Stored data
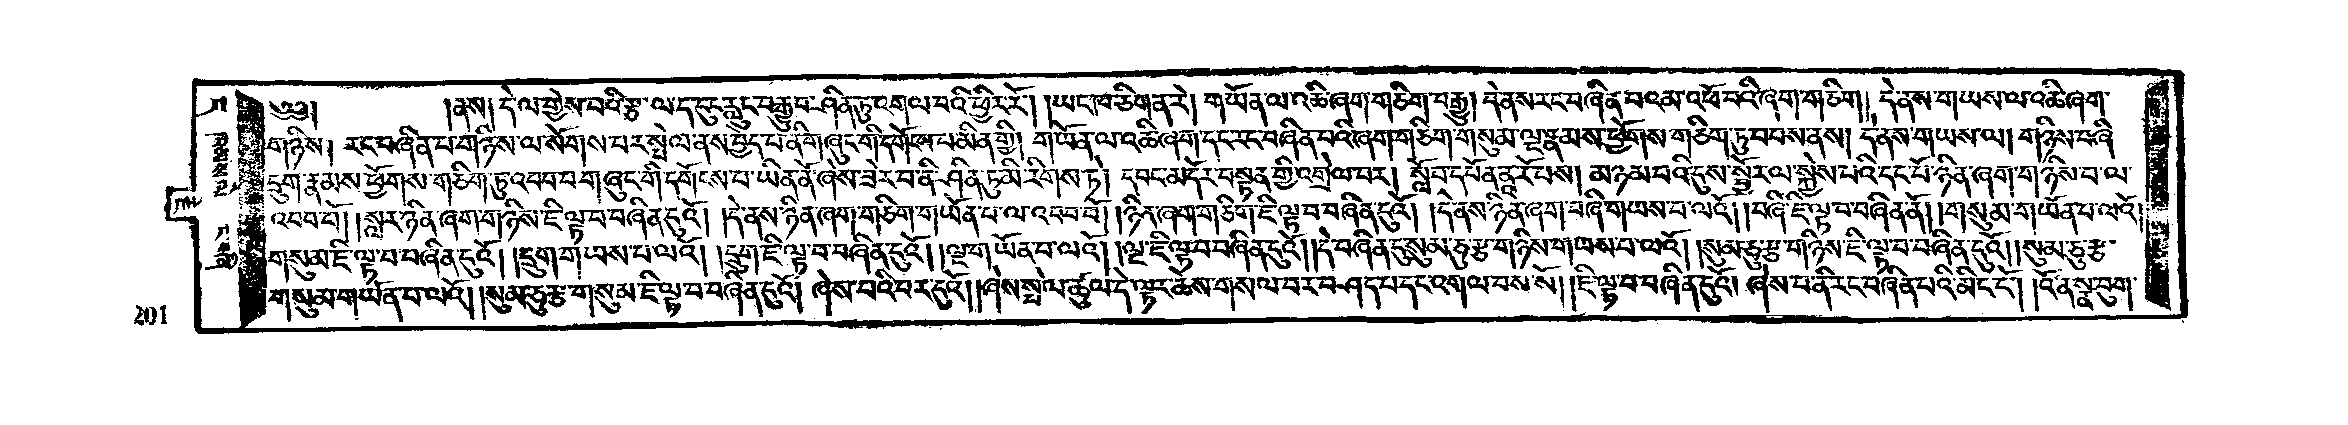༄༅། །ནས། དེ་ལ་གྱེས་པའི་རྩ་ལ་ད་དུང་རླུང་བརྒྱུ་བ་ཤིན་ཏུ་འགལ་བའི་ཕྱིར་རོ། །ཡང་ཁ་ཅིག་ན་རེ། གཡོན་ལ་འཆི་ཞག་གཅིག་བརྒྱུ། དེ་ནས་རང་བཞིན་པའམ་འཕོ་བའི་ཞག་གཅིག །དེ་ནས་གཡས་ལ་འཆི་ཞག་
གཉིས། རང་བཞིན་པ་གཉིས་ལ་སོགས་པར་སྤེལ་ནས་བྱེད་པ་ནི་གཞུང་གི་དགོངས་པ་མིན་གྱི། གཡོན་ལ་འཆི་ཞག་དང་རང་བཞིན་པའི་ཞག་གཅིག་གསུམ་ལྔ་རྣམས་ཕྱོགས་གཅིག་ཏུ་བབས་ནས། དེ་ནས་གཡས་ལ། གཉིས་བཞི་
དྲུག་རྣམས་ཕྱོགས་གཅིག་ཏུ་འབབ་པ་གཞུང་གི་དགོངས་པ་ཡིན་ནོ་ཞེས་ཟེར་བ་ནི་ཤིན་ཏུ་མི་རིགས་ཏེ། དབང་མདོར་བསྟན་གྱི་འགྲེལ་བར། སློབ་དཔོན་ནཱ་རོ་པས། མཉམ་པའི་དུས་སྦྱོར་ལ་སྐྱེས་པའི་དང་པོ་ཉིན་ཞག་གཉིས་པ་ལ་
འབབ་བོ། །སླར་ཉིན་ཞག་གཉིས་ཇི་ལྟ་བ་བཞིན་དུའོ། །དེ་ནས་ཉིན་ཞག་གཅིག་གཡོན་པ་ལ་འབབ་བོ། །ཉིན་ཞག་གཅིག་ཇི་ལྟ་བ་བཞིན་དུའོ། །དེ་ནས་ཉིན་ཞག་བཞི་གཡས་བ་ལའོ། །བཞི་ཇི་ལྟ་བ་བཞིན་ནོ། །གསུམ་གཡོན་པ་ལའོ། གསུམ་ཇི་ལྟ་བ་བཞིན་དུའོ། །དྲུག་གཡས་པ་ལའོ། །དྲུག་ཇི་ལྟ་བ་བཞིན་དུའོ། །ལྔ་གཡོན་པ་ལའོ། །ལྔ་ཇི་ལྟ་བ་བཞིན་དུའོ། །དེ་བཞིན་དུ་སུམ་ཅུ་རྩ་གཉིས་གཡས་པ་ལའོ། །སུམ་ཅུ་རྩ་གཉིས་ཇི་ལྟ་བ་བཞིན་དུའོ། །སུམ་ཅུ་རྩ་
གསུམ་གཡོན་པ་ལའོ། །སུམ་ཅུ་རྩ་གསུམ་ཇི་ལྟ་བ་བཞིན་དུའོ། ཞེས་པའི་བར་དུའོ། །ཞེས་སྤེལ་ཚུལ་དེ་ལྟར་ཆོས་གསལ་བར་བཤད་པ་དང་འགལ་བས་སོ། །ཇི་ལྟ་བ་བཞིན་དུའོ། ཞེས་པ་ནི་རང་བཞིན་པའི་མིང་ངོ། །འོ་ན་སྣ་བུག་

= REQUIRED WORK =
The data above should be returned in full, exactly as written, apart from its images.

= RESULT OF THIS EXERCISE =
༄༅། །ནས། དེ་ལ་གྱེས་པའི་རྩ་ལ་ད་དུང་རླུང་བརྒྱུ་བ་ཤིན་ཏུ་འགལ་བའི་ཕྱིར་རོ། །ཡང་ཁ་ཅིག་ན་རེ། གཡོན་ལ་འཆི་ཞག་གཅིག་བརྒྱུ། དེ་ནས་རང་བཞིན་པའམ་འཕོ་བའི་ཞག་གཅིག །དེ་ནས་གཡས་ལ་འཆི་ཞག་
གཉིས། རང་བཞིན་པ་གཉིས་ལ་སོགས་པར་སྤེལ་ནས་བྱེད་པ་ནི་གཞུང་གི་དགོངས་པ་མིན་གྱི། གཡོན་ལ་འཆི་ཞག་དང་རང་བཞིན་པའི་ཞག་གཅིག་གསུམ་ལྔ་རྣམས་ཕྱོགས་གཅིག་ཏུ་བབས་ནས། དེ་ནས་གཡས་ལ། གཉིས་བཞི་
དྲུག་རྣམས་ཕྱོགས་གཅིག་ཏུ་འབབ་པ་གཞུང་གི་དགོངས་པ་ཡིན་ནོ་ཞེས་ཟེར་བ་ནི་ཤིན་ཏུ་མི་རིགས་ཏེ། དབང་མདོར་བསྟན་གྱི་འགྲེལ་བར། སློབ་དཔོན་ནཱ་རོ་པས། མཉམ་པའི་དུས་སྦྱོར་ལ་སྐྱེས་པའི་དང་པོ་ཉིན་ཞག་གཉིས་པ་ལ་
འབབ་བོ། །སླར་ཉིན་ཞག་གཉིས་ཇི་ལྟ་བ་བཞིན་དུའོ། །དེ་ནས་ཉིན་ཞག་གཅིག་གཡོན་པ་ལ་འབབ་བོ། །ཉིན་ཞག་གཅིག་ཇི་ལྟ་བ་བཞིན་དུའོ། །དེ་ནས་ཉིན་ཞག་བཞི་གཡས་བ་ལའོ། །བཞི་ཇི་ལྟ་བ་བཞིན་ནོ། །གསུམ་གཡོན་པ་ལའོ། གསུམ་ཇི་ལྟ་བ་བཞིན་དུའོ། །དྲུག་གཡས་པ་ལའོ། །དྲུག་ཇི་ལྟ་བ་བཞིན་དུའོ། །ལྔ་གཡོན་པ་ལའོ། །ལྔ་ཇི་ལྟ་བ་བཞིན་དུའོ། །དེ་བཞིན་དུ་སུམ་ཅུ་རྩ་གཉིས་གཡས་པ་ལའོ། །སུམ་ཅུ་རྩ་གཉིས་ཇི་ལྟ་བ་བཞིན་དུའོ། །སུམ་ཅུ་རྩ་
གསུམ་གཡོན་པ་ལའོ། །སུམ་ཅུ་རྩ་གསུམ་ཇི་ལྟ་བ་བཞིན་དུའོ། ཞེས་པའི་བར་དུའོ། །ཞེས་སྤེལ་ཚུལ་དེ་ལྟར་ཆོས་གསལ་བར་བཤད་པ་དང་འགལ་བས་སོ། །ཇི་ལྟ་བ་བཞིན་དུའོ། ཞེས་པ་ནི་རང་བཞིན་པའི་མིང་ངོ། །འོ་ན་སྣ་བུག་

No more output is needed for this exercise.